Record keys, values, and headers are opaque data types, meaning that Kafka, by deliberate design to achieve its high scalability and performance, does not define a type interface for them: they are read, stored, and written by Kafka's server-side brokers as raw arrays of bytes. It is the responsibility of Kafka client applications, such as the streaming database ksqlDB, or microservices implemented with the client libraries, such as Kafka Streams or the Kafka Go client, to perform serialization and deserialization of the data within the record keys, values, and headers.

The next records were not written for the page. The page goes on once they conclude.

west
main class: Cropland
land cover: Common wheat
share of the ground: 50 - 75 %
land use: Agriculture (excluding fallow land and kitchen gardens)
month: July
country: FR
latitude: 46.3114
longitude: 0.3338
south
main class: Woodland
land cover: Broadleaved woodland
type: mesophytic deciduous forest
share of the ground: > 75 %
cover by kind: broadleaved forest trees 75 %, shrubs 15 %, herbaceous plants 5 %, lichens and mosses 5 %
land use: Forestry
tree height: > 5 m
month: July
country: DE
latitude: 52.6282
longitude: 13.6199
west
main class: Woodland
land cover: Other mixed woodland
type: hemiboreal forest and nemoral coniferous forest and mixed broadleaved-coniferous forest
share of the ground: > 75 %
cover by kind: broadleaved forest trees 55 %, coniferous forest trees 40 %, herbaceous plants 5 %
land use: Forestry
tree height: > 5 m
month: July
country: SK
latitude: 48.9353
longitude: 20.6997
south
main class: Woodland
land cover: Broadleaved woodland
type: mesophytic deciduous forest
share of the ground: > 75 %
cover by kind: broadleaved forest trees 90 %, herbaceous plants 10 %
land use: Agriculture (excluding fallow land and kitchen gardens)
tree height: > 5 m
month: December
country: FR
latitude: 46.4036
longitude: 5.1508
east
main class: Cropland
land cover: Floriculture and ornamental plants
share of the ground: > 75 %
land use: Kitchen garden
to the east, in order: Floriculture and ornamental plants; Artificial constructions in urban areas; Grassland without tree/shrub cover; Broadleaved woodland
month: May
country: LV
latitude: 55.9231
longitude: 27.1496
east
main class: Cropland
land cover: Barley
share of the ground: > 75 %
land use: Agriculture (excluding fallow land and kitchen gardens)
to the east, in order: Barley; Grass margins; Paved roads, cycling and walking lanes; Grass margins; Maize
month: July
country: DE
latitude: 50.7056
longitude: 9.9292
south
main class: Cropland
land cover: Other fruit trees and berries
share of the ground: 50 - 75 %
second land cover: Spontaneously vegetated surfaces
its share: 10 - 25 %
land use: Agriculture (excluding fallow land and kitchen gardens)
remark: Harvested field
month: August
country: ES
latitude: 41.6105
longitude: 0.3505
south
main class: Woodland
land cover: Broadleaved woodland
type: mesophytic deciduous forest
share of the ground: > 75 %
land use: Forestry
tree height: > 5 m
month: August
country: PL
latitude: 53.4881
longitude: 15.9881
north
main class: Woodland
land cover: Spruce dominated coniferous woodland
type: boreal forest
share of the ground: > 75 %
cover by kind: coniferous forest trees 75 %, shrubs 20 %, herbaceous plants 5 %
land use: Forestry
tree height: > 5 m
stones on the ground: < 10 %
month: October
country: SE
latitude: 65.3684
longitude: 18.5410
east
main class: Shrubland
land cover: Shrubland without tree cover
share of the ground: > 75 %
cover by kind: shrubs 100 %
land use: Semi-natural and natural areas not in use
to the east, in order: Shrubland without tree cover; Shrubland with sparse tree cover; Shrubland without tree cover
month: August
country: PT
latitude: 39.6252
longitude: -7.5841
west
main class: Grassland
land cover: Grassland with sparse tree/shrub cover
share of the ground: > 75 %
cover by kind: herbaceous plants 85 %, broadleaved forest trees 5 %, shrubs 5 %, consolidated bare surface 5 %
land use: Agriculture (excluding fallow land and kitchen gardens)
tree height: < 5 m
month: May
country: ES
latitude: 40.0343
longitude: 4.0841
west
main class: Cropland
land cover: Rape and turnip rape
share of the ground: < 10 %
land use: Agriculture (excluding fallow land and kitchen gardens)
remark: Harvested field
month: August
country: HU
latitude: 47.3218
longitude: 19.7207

When using the Java client library, events are created using the ProducerRecord type and are sent to Kafka using the KafkaProducer. In this example, we have set the key and value types as strings, and we have added a header:

ProducerRecord<String, String> producerRecord = new ProducerRecord<>(
  paymentEvent.getCustomerId().toString() /* key */, 
  paymentEvent.toString() /* value */);

producerRecord.headers()
  .add("origin-cloud", "aws".getBytes(StandardCharsets.UTF_8)); 

producer.send(producerRecord);

Considerations

  • To ensure that Events from an Event Source can be read correctly by an Event Processor, they are often created in reference to an Event schema. Event schemas are commonly defined in Apache Avro, Protocol Buffers (Protobuf), or JSON Schema.

  • For cloud-based architectures, evaluate the use of CloudEvents. CloudEvents provide a standardized Event Envelope that wraps an event, making common event properties such as source, type, time, and ID universally accessible, regardless of how the event itself was serialized.

  • In certain scenarios, Events may represent commands (instructions, actions, and so on) that should be carried out by an Event Processor reading the events. See the Command pattern for details.